It takes some group theory and Fermat's little theorem to explain the details (I have posted the group theory details in the appropriate presentation, but did not go over any proofs in class. So you will have to believe the facts, and are not expected

to know how to prove them).

If p is a prime, then the integers in the set $\{1,2,\ldots,p-1\}$ form a group with respect to the operation of multiplication

modulo p. Furthermore, this group is **cyclic**: There is an element, g, such that the various powers of g, namely $\{g,g^2,\ldots,g^{p-1}\}$ are all different and thus expand all of $\{1,2,\ldots,p-1\}$ (all operations are modulo p).

Such g is called a **multiplicative generator** of the grouo.

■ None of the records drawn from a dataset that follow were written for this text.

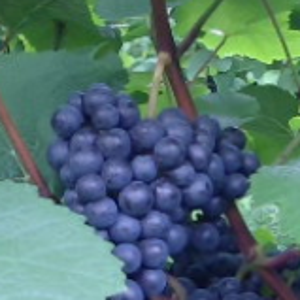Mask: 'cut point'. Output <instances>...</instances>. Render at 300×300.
<instances>
[{
  "mask_svg": "<svg viewBox=\"0 0 300 300\" xmlns=\"http://www.w3.org/2000/svg\"><path fill=\"white\" fill-rule=\"evenodd\" d=\"M158 59L159 62L153 77L149 100V118L153 119H156L157 89L164 73V65L169 61V54L165 51L158 53Z\"/></svg>",
  "mask_w": 300,
  "mask_h": 300,
  "instance_id": "1",
  "label": "cut point"
}]
</instances>
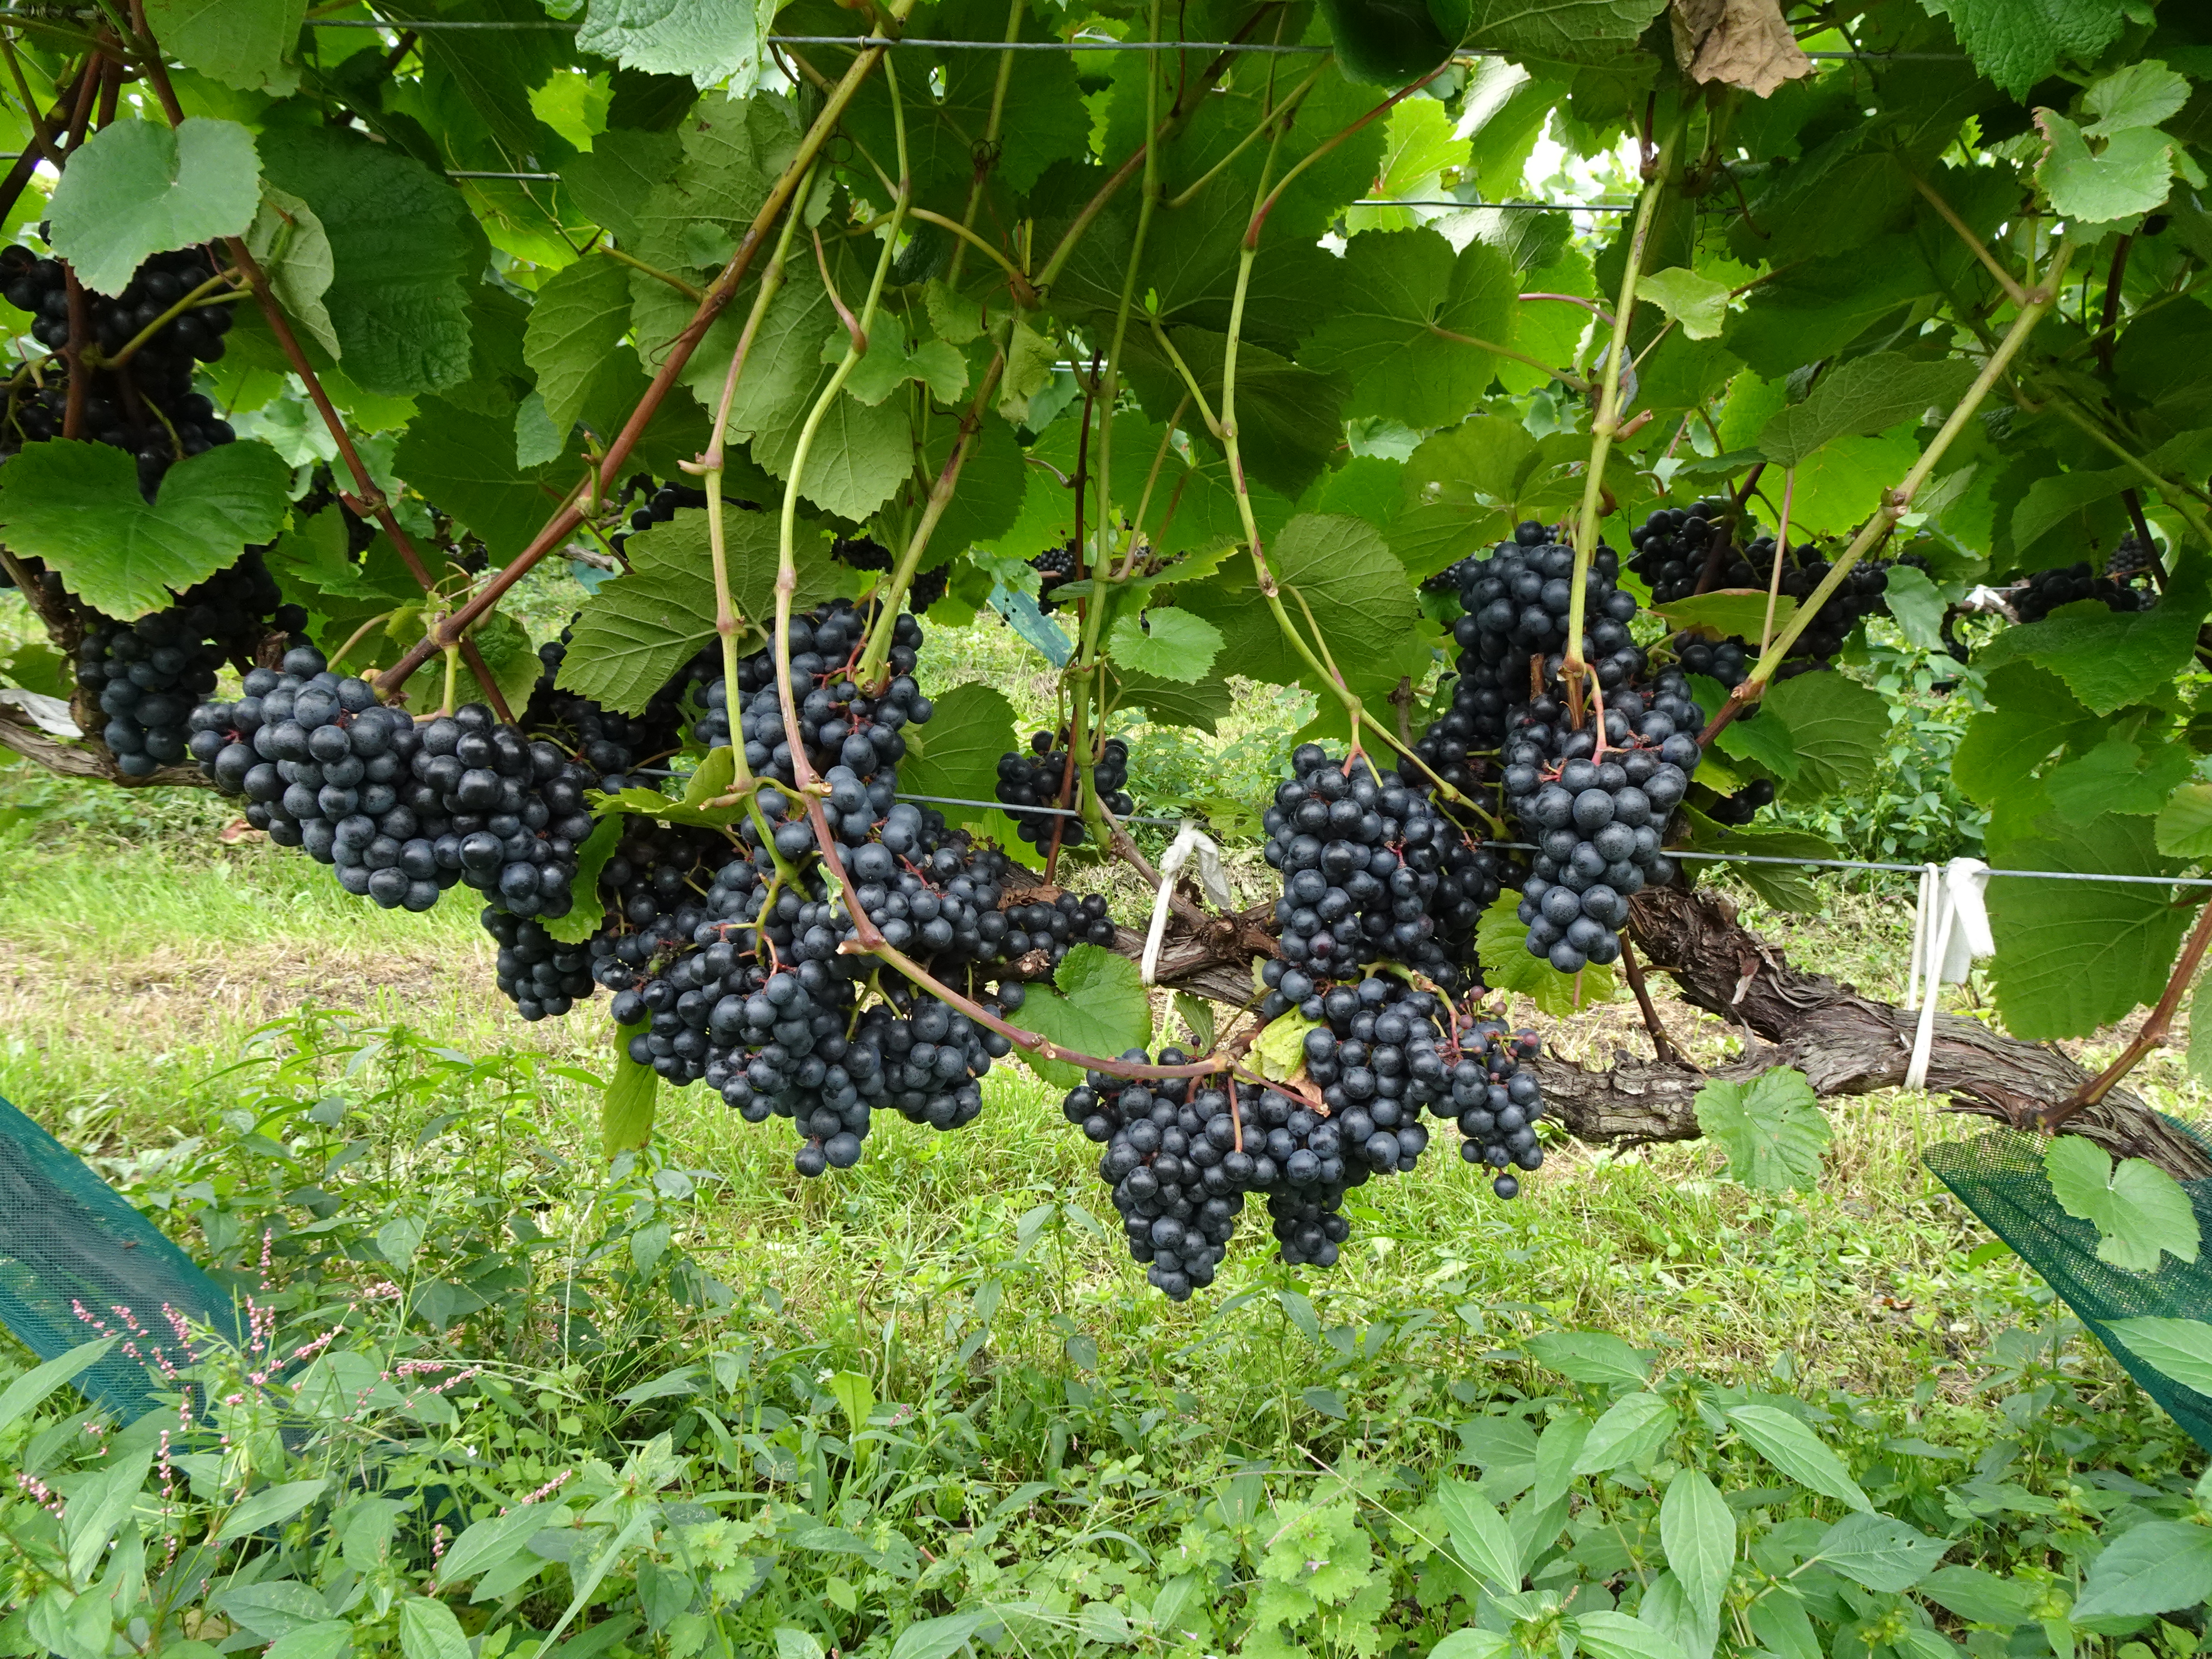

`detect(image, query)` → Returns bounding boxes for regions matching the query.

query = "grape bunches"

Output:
[997,735,1085,857]
[1265,1145,1371,1268]
[0,361,242,504]
[188,645,330,844]
[708,955,843,1120]
[1264,744,1382,1021]
[1451,522,1650,693]
[602,810,746,913]
[2012,562,2141,625]
[1368,770,1461,992]
[520,610,715,790]
[846,970,1025,1130]
[1410,986,1545,1200]
[0,544,46,588]
[1396,648,1532,826]
[593,890,716,1091]
[606,490,681,558]
[706,766,1009,967]
[1430,839,1525,946]
[1500,667,1704,973]
[40,569,218,777]
[1627,501,1889,692]
[403,702,594,919]
[770,1028,886,1175]
[204,544,318,659]
[243,673,462,912]
[1063,1048,1243,1301]
[1205,1089,1347,1189]
[1057,724,1134,815]
[948,892,1111,968]
[1302,978,1440,1176]
[683,597,936,785]
[788,1009,883,1177]
[480,885,597,1022]
[0,219,241,397]
[1706,779,1777,829]
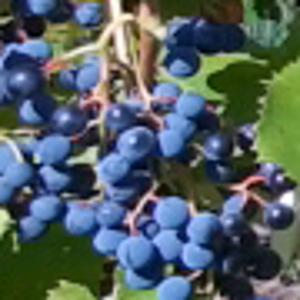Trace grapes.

If $h\in \{1,2,\ldots,p-1\}$ is not a multiplicative generator, then the various powers of h, namely $\{h,h^2,\ldots,h^{p-1}\}$ form a proper subgroup of $\{1,2,\ldots,p-1\}$. By Lagrange theorem, the number of elements in such subgroup must divide p-1, which is the number of elements in the whole group. Denote this number by m, then m is a divisor of p-1, and m<p-1. By Fermat's little theorem, this implies $h^m=1 \pmod p$.

So if for some g, $g^m\neq 1 \pmod p$ for all proper divisors m of p-1, such g must be a multiplicative generator.

In Diffie Hellman key exchange we use such multiplicative generator as part of the information known by everyone.

Raising g to some power is easy. Doing the inverse (taking "discrete logs") is **believed** to be hard.